Había algo distinto en el timbre de su voz. Lo sabía.

—Sí. Ayer vino a la oficina. Está pensando en comprar la casa que heredé de Jane.

Descubrí que Aubrey se interesó en mí el mismo día que descubrí que Jane me había dejado su casa, su dinero y un secreto, uno que nunca compartí con él… ni con nadie. Aubrey siempre se había sentido algo incómodo con el legado de Jane, dado que sus sensibles antenas de clérigo le habían revelado que la gente no paraba de hablar de tal herencia.

—Es una casa muy bonita. Sería un lugar ideal para criar a una niña.

Aubrey tenía una niña en la mente. Nunca había pasado eso con su mujer, que murió de cáncer.

—No sabía que te gustasen los niños, Aubrey —dije con sumo cuidado.

—Roe, nunca es buen momento para hablar de esto, así que te lo contaré ahora.

Me volví para mirarle a la cara. Lo cierto era que ya había puesto la mano en el pomo de la puerta. Sé que debía de parecer alarmada.

—No puedo tener hijos.

Por mi expresión, supo que intentaba responder de alguna manera.

—Cuando mi esposa empezó a enfermar, antes de descubrir el problema que tenía, lo estuvimos intentando, y me hice unas pruebas antes que ella. Descubrí que era estéril… Y también que ella tenía cáncer.

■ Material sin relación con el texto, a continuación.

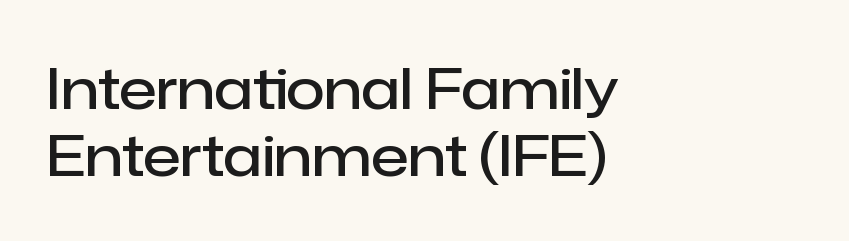
The image shows 56 px semibold sans-serif type, upright; set left-aligned, line spacing 1.19x, normal letter spacing, not underlined; low stroke contrast and a medium x-height.
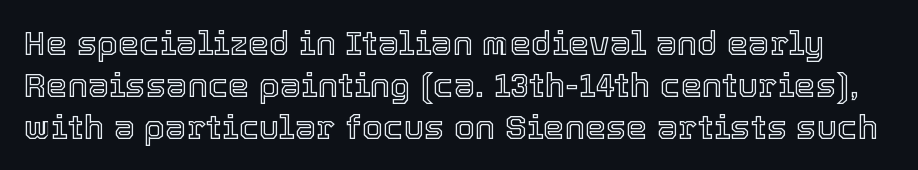
The image shows 34 px text type, upright; set line spacing 1.23x, normal letter spacing, not underlined; a medium x-height.
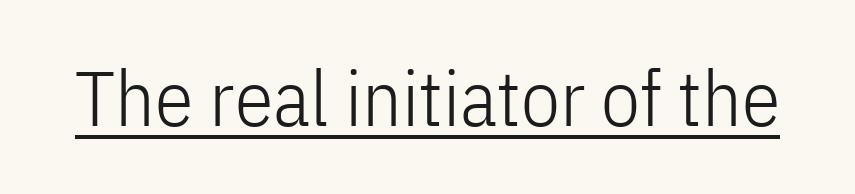
{"serif": "no", "italic": "no", "bold": "no", "weight": "light", "width": "condensed", "stroke_contrast": "low", "x_height": "medium", "monospaced": "no", "underline": "yes", "letter_spacing": "normal", "letter_spacing_em": 0.0, "glyph_px": 78}
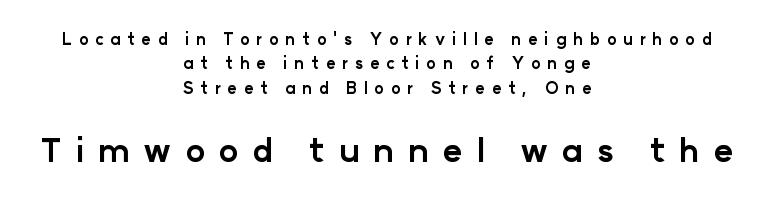
{"serif": "no", "italic": "no", "bold": "yes", "weight": "bold", "width": "normal", "stroke_contrast": "low", "x_height": "medium", "monospaced": "no", "underline": "no", "align": "center", "line_spacing": "normal", "line_spacing_ratio": 1.53, "letter_spacing": "wide", "letter_spacing_em": 0.42, "larger_block": "second", "size_ratio": 2.06, "glyph_px": 33}
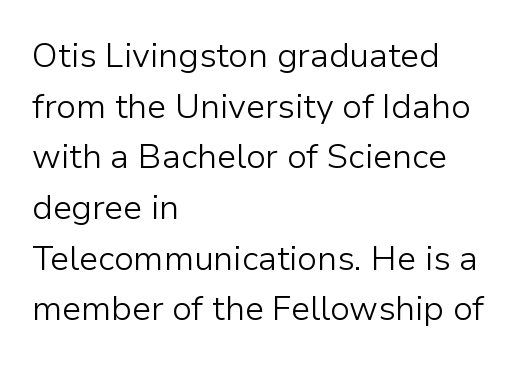
The lines sit at an ordinary, default distance from one another. The designer went with a sans here, leaving each stem footless. You could not count columns in this text — the font is proportionally spaced. The rendering anchors every line to the left-hand side. Tall strokes in this sample are plumb rather than angled.
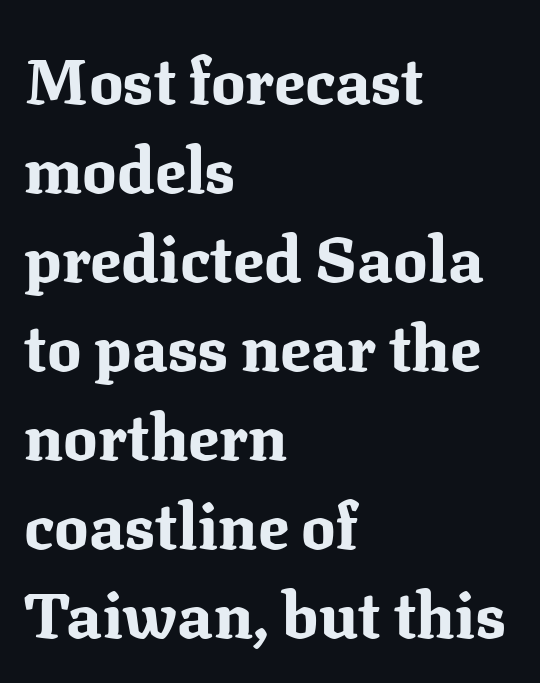
The image shows 64 px bold serif type, upright; set left-aligned, normal line spacing (1.39x), normal letter spacing, not underlined; medium stroke contrast and a medium x-height.
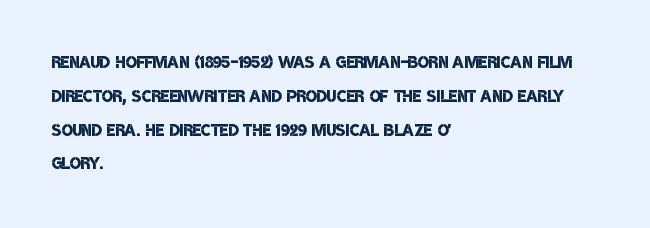
Set as a demibold, roughly 600 on the weight scale. The face used here is rendered with its standard letterfit. Horizontal bands of white between lines are of average thickness. Short and long lines alike share a common starting point at left.
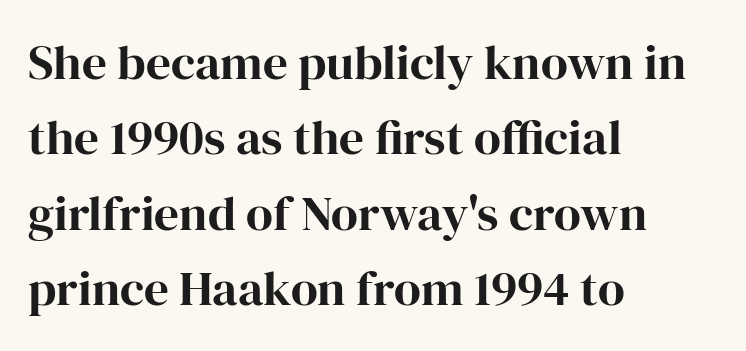
{"serif": "yes", "italic": "no", "bold": "yes", "weight": "bold", "width": "normal", "stroke_contrast": "high", "x_height": "medium", "monospaced": "no", "underline": "no", "align": "left", "line_spacing": "normal", "line_spacing_ratio": 1.54, "letter_spacing": "normal", "letter_spacing_em": 0.0, "glyph_px": 49}
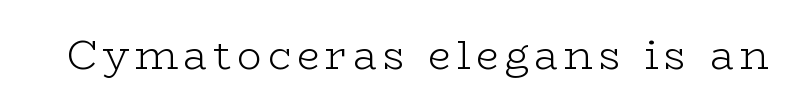
Examine the stroke ends and you'll spot serifs. The strip under each line holds only bare page. Think of a printed novel: that variable character pitch is what you see here. Bold? No — there's no thickening of the strokes. Every stem runs plumb, perpendicular to the baseline.
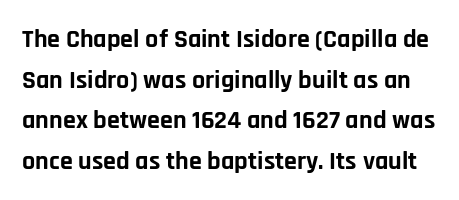
Q: Is the text bold? A: Yes.
Q: Is the text italic (slanted)? A: No, it is upright.
Q: Is the text underlined? A: No.
Q: Is the spacing between letters normal or unusually wide? A: Normal.
Q: Is the spacing between lines tight, normal or loose? A: Normal.
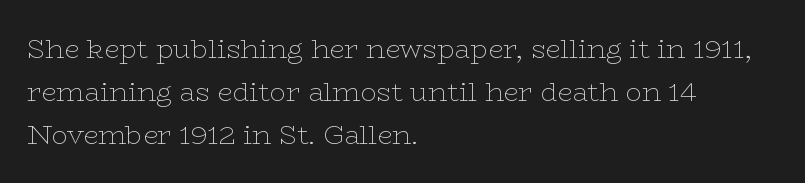
Line beginnings align vertically; line endings do not. Quick note: not italic, upright. No chunkiness to these letters — they're not bold. Default kerning and tracking; the words read as compact shapes.
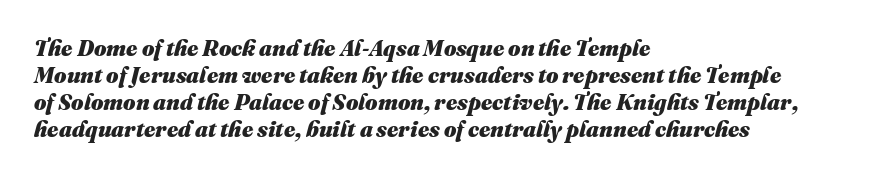
Q: Is the text bold? A: Yes.
Q: Is the text italic (slanted)? A: Yes, it leans right by about 16 degrees.
Q: Is the text underlined? A: No.
Q: How is the paragraph aligned? A: Left-aligned.
Q: Is the spacing between letters normal or unusually wide? A: Normal.
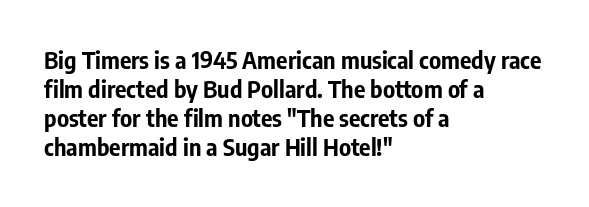
The image shows 24 px bold type, upright; set left-aligned, line spacing 1.21x, normal letter spacing, not underlined.
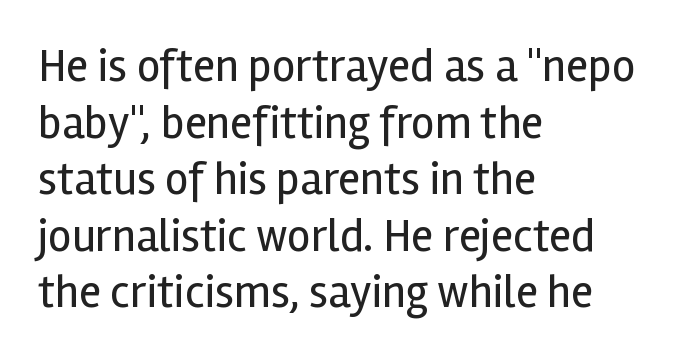
Spacing between characters is what you'd get straight out of the box. Italic? Not at all — the glyphs are vertical. Note the varied advance widths — an 'i' is clearly narrower than an 'm'. This sample uses a sans-serif face. The letterforms sit at book weight or below.
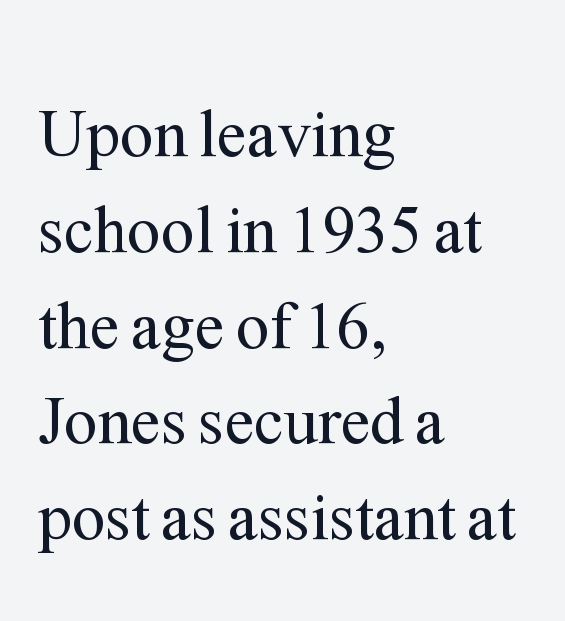
{"serif": "yes", "italic": "no", "bold": "no", "weight": "regular", "width": "normal", "stroke_contrast": "medium", "x_height": "medium", "monospaced": "no", "underline": "no", "align": "left", "line_spacing": "normal", "line_spacing_ratio": 1.43, "letter_spacing": "normal", "letter_spacing_em": 0.0, "glyph_px": 67}

Cerré los ojos y me apoyé un momento en la puerta. Luego me acerqué a Aubrey, lo abracé y apoyé la cabeza en su pecho.

—Oh, cariño —dije con dulzura—, lo siento mucho. —Le acaricié la espalda.

—¿Supone alguna diferencia para ti? —me preguntó suavemente.

No levanté la cabeza.

—No lo sé —contesté afligidamente—. Pero creo que sí la supone para ti. —Entonces sí que alcé la vista y él me besó. A pesar de sus principios, estuvimos a punto de perder el control allí mismo, al final de nuestra relación. Había más emociones en ese abrazo de las que había habido jamás antes.

—Será mejor que nos vayamos —dije.

—Sí —convino él con pesar.

Hicimos todo el trayecto hasta la casa de mi madre en Plantation Drive en silencio. Creo que ambos estábamos un poco tristes.